Are there different ways to gain admittance to a medical school in South Africa?

Yes, there are basically the following four ways to get into medical school:

  • The most straightforward way is immediately after Matric if your marks are good enough. After qualifying, you’ll have to do a two-year internship and one year of community service during which you’ll be placed anywhere in South Africa at the government’s discretion.  But it must be said that this is not the easiest way to get admitted into medical school for most people.
  • The second way is to get into a course that is related to medicine, like science, biology or any of the other health sciences. If you do really well in your first year, you can apply in your second year to transfer into medicine.
  • The third way is to complete a degree at Wits University in either chemistry, biology or physics, and then apply to enter their third year of medical school through their GEMP, their Graduate Entry Medical Programme.
  • The fourth and final way is to apply for a government bursary to study medicine in Cuba. To qualify for this bursary, you must be a South African citizen and permanently live in Gauteng. Your age must be between 18 and 35, and you must be in good health. 


Which universities in South Africa have medical schools?

These are the South African universities with medical schools, where they are located, and links to their medical schools: 


Plans are in progress at the North-West University to open a medical school, but these haven’t been finalised yet. They have, however, been inviting applications from interested and prospective medical students for admission into their Medical/Health Science programmes for the 2022/2023 academic year.


What does it cost to enrol at medical schools in South Africa?

We have to emphasise that these figures are for your first year of tuition only, and may be open to change: 

  • University of Cape Town – R69,560
  • University of the Free State – R44,390
  • University of KwaZulu-Natal – R44,220
  • University of Limpopo – R48,038
  • University of Pretoria – R55,000
  • Sefako Makgatho Health Sciences University (previously MEDUNSA) – R31,450
  • Stellenbosch University – R55,096
  • Walter Sisulu University (not obtained)
  • University of the Witwatersrand – R62,890


Are there bursaries, scholarships or other funding I can apply for to study medicine?

All the universities mentioned have bursaries and/or other funding opportunities available, so you must research this via their websites and handbooks.

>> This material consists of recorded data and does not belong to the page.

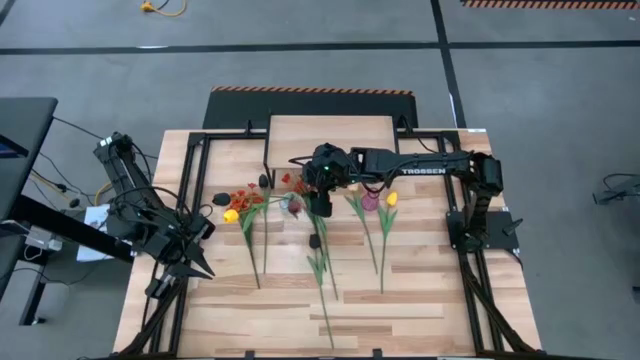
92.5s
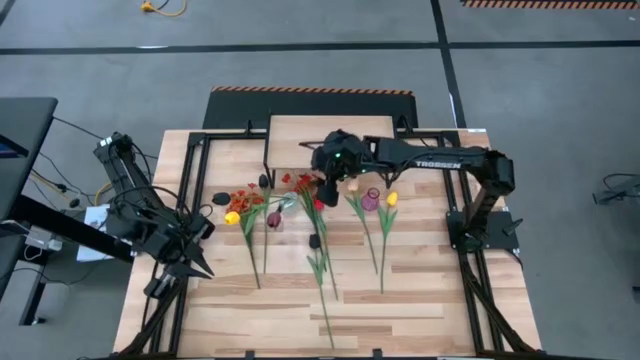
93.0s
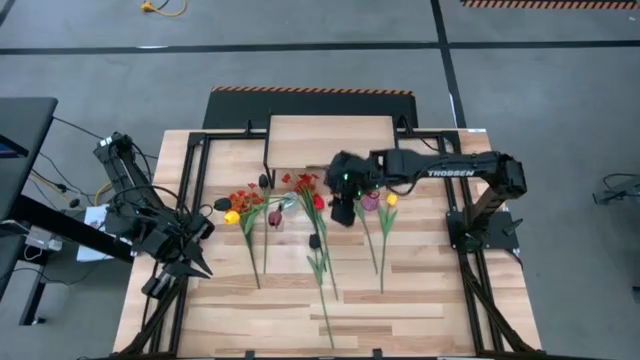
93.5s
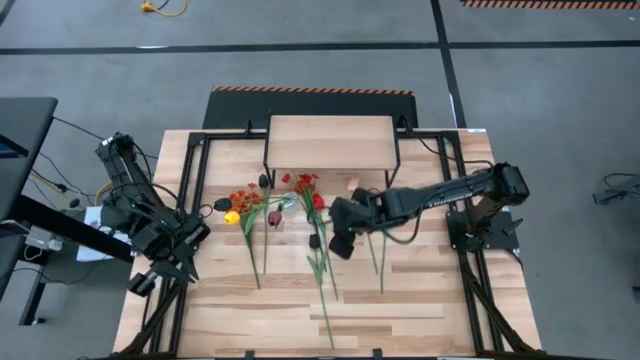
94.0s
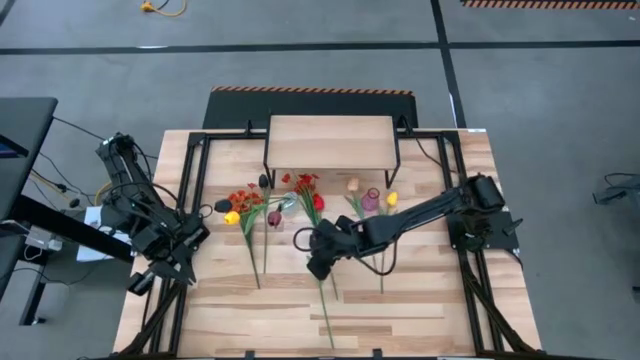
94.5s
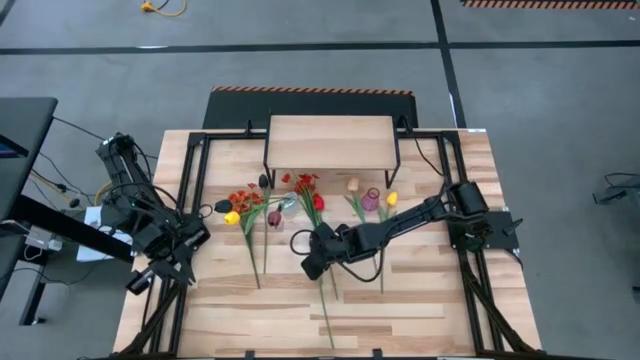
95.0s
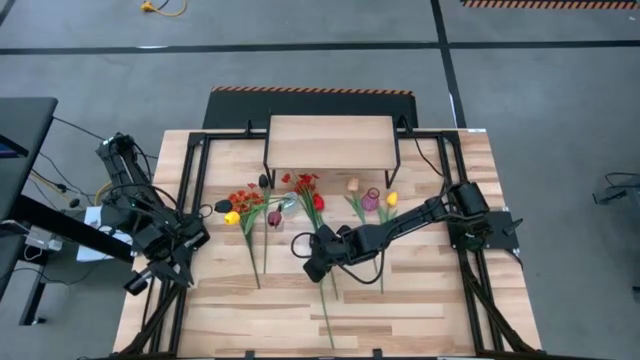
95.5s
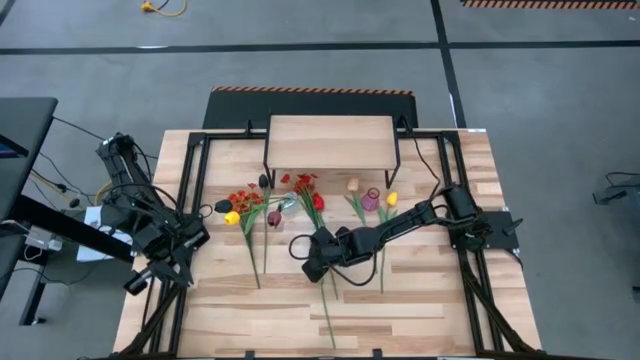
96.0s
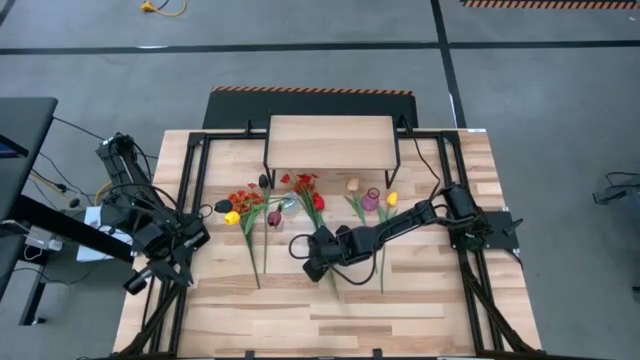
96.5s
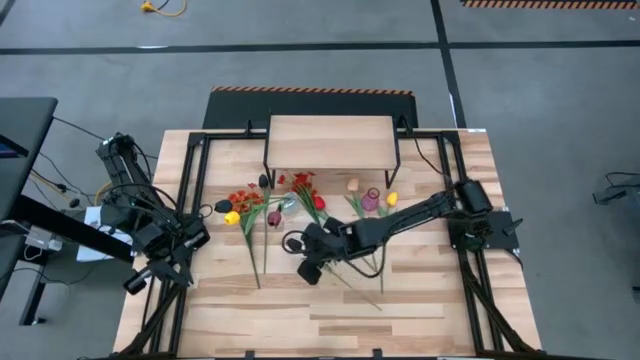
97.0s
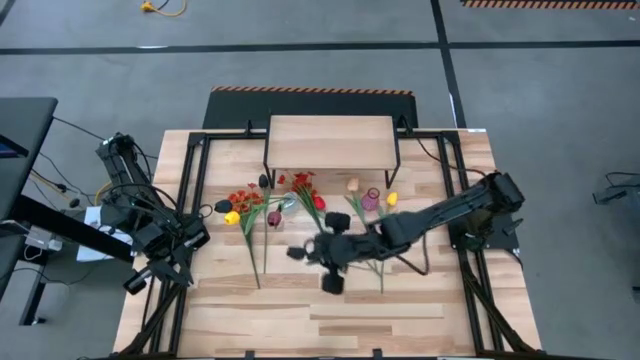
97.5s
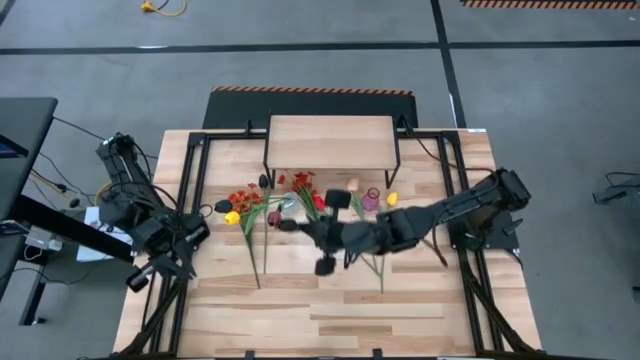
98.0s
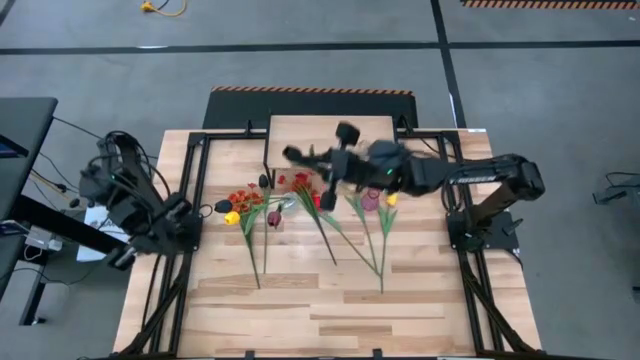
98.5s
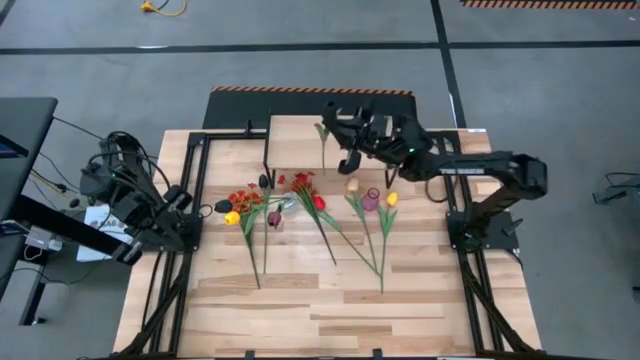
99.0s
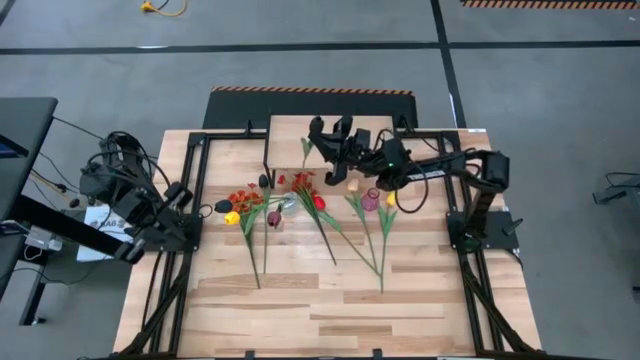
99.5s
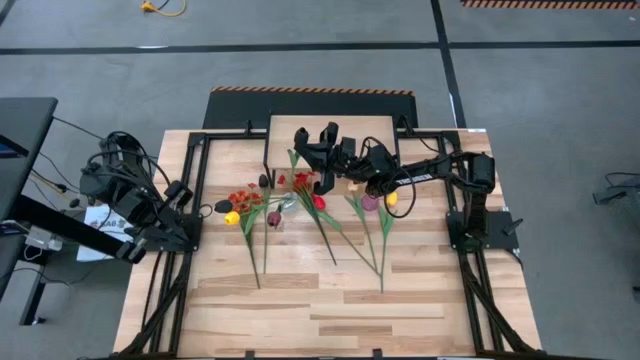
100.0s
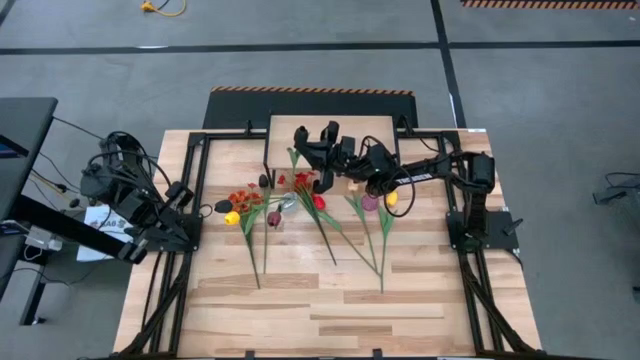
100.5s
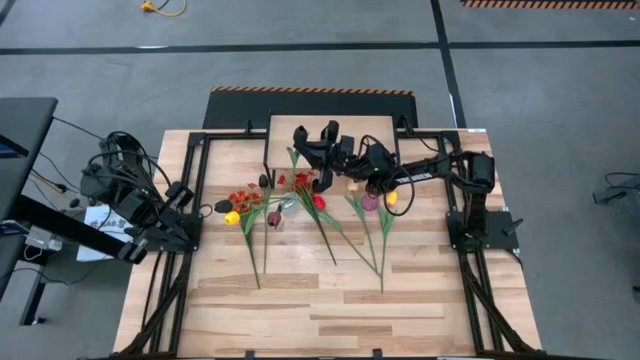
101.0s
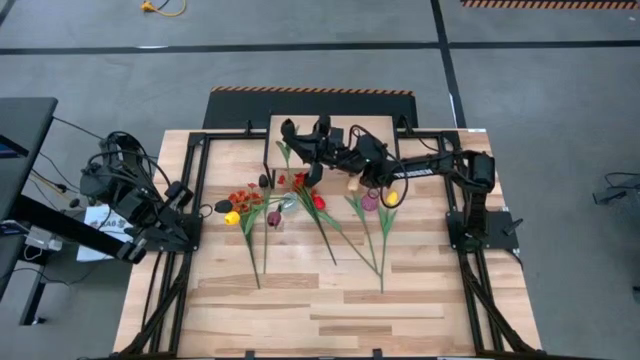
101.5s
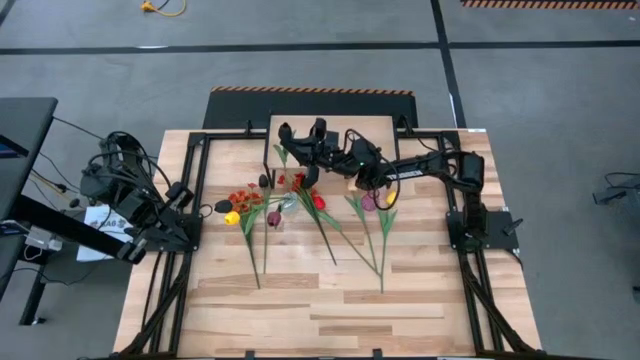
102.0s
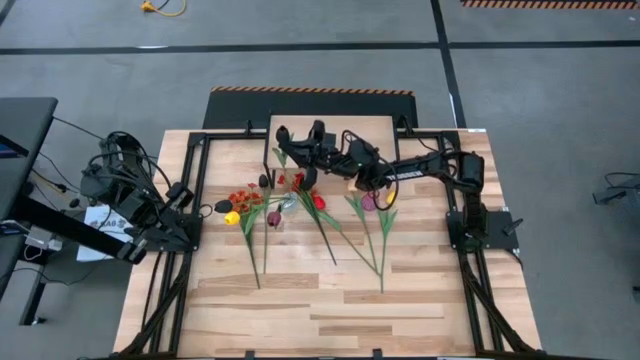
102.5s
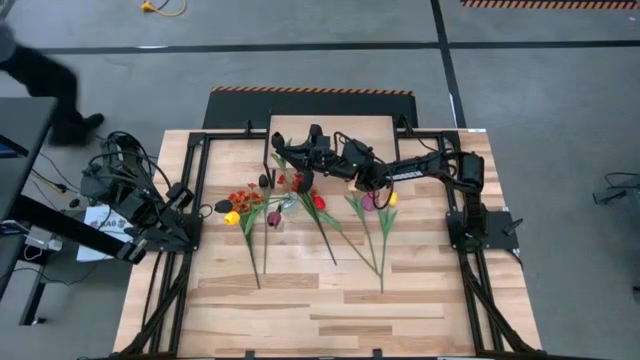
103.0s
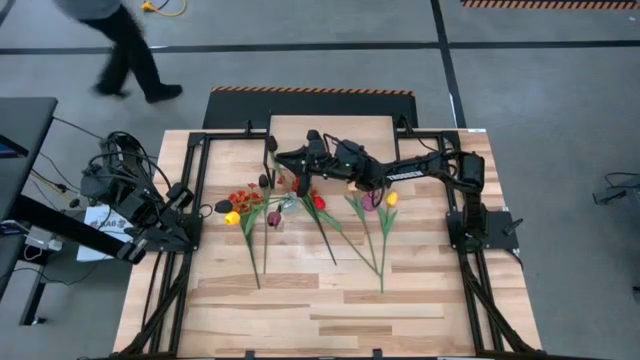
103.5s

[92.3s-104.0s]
Task: Pick and place flowers into a vace then onto a shelf
Put the right black flower into the transparent vase

Many other bodies also offer bursaries, so it’ll be well worth your while to spend some time researching these. You can also contact the Department of Health about bursaries. 


There is a great deal of information in this regard on Google as well. Just make sure you search under relevant phrases like ‘bursaries for medical students’, etc. and you’ll get many sites to look at. NSFAS is another avenue you can explore if you are in really difficult financial circumstances.  

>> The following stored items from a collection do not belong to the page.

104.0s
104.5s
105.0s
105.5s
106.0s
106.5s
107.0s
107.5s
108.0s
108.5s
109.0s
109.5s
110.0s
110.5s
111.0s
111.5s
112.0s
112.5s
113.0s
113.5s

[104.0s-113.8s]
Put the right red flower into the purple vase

What does a doctor earn in South Africa?

The earnings of doctors in South Africa can and do vary greatly from doctor to doctor. It is affected by all sorts of factors like the region they’re working in, the institution they work for, if they’re in private practice, if they’re specialists, the level of competition, how experienced they are, whether they’re established or just starting out – the list goes on! 


However, it can be said that doctors are amongst the most highly-paid professionals in South African society.  So though it’s difficult to supply definitive figures here, the average yearly earnings of a doctor in South Africa would be around R808,000, which would be in the region of R414,00 per hour. Entry-level medical posts begin at about R273,000 per annum, but can then rise steeply to close on R2,400,000 per year. 


So are you enthusiastic and determined about following your dreams of becoming a doctor? Obviously, it’s self-evident that doctors do very important, worthwhile and indeed life-saving work. And it is interesting to note that South African doctors generally have an excellent reputation, and are very well-regarded all over the world. Becoming a doctor is an excellent career choice for the right person, ensuring a fulfilling, rewarding and lucrative profession.